As with nodes, frames have a hierarchical relationship to one another. This hierarchy supports natural representation of clustering results (eg you have a frame for the cluster center with a child frame for each conformation that is in the cluster). By convention, sequential frames in a simulation should be stored as with the successor frame as a child of the predecessor.

Frames also have arbitrary attributes associated with them, like nodes.

Adding custom data to an RMF

When adding data to an RMF file that is just to be used for internal consumption, one should create a new category. For example, IMP defines an ''imp'' category when arbitrary particle data are stored.

If, instead, the data is likely to be a general interest, it probably makes sense to add it to the documentation of this library so that the names used can be standardized.

On disk format

The RMF library has supported various on-disk formats. Currently 3 output methods are supported: files with suffix .rmf and .rmfz and buffers in memory.

The current format stores the structure in an Avro Object Container. If the .rmfz suffix is used, the contents are compressed. The structure is stored as a series of records, each containing either a frame or static data (there can be multiple static data frames - they are implicitly merged). Upon opening, the file is scanned once; after that, frames can be accessed in a random access fashion. See Frame.json for the schema.

The format is robust to corruption (all on disk data are safe if garbage data is written or the process is killed).

There are several ways that the files can be made more compact (without breaking forwards compatibility of existing files). They can be investigated further if there is sufficient demand.

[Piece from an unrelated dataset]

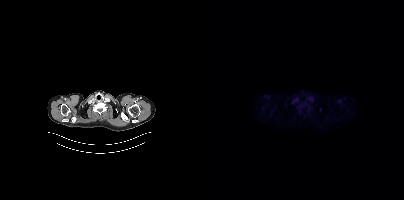
{"pet_grid":[200,200],"coord_frame":"pet_panel","coord_format":"x0,y0,x1,y1","psma_avid_lesions":false,"modality":"PSMA PET/CT","view":"axial","tracer":"18F"}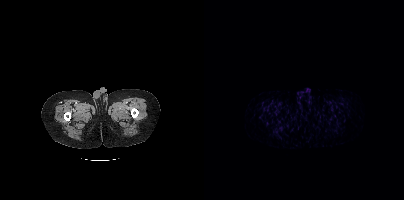
{"modality":"PSMA PET/CT","view":"axial","tracer":"[68Ga]Ga-PSMA-11","pet_grid":[200,200],"coord_frame":"pet_panel","coord_format":"x0,y0,x1,y1","psma_avid_lesions":false}

If HDF5 is available when RMF is built, wrappers for it will be built and support for older HDF5-based RMF formats will be compiled.

Benchmarks

A quick comparison of the various options (taken from benchmark/benchmark_rmf.cpp).

type create write frame open traverse read frame size
rmf 0.11 0.05 0.2 0.03 0.04 14M
rmfz 0.09 0.10 0.5 0.03 0.05 10M
buffer0.09 0.10 0.5 0.03 0.05 10M

The operations are:

  • create: create a RMF file with a hierarchy with 45000 particles
  • write frame: save coordinates for those particles
  • open: open the file
  • traverse: traverse the loaded hierarchy, touching atom, residue and chain data
  • read frame: load the coordinates from a frame
  • size: the size of the file. The raw data saved is 11M.

Note that the file stayed in RAM for these operations (hence the identical buffer and to disk times).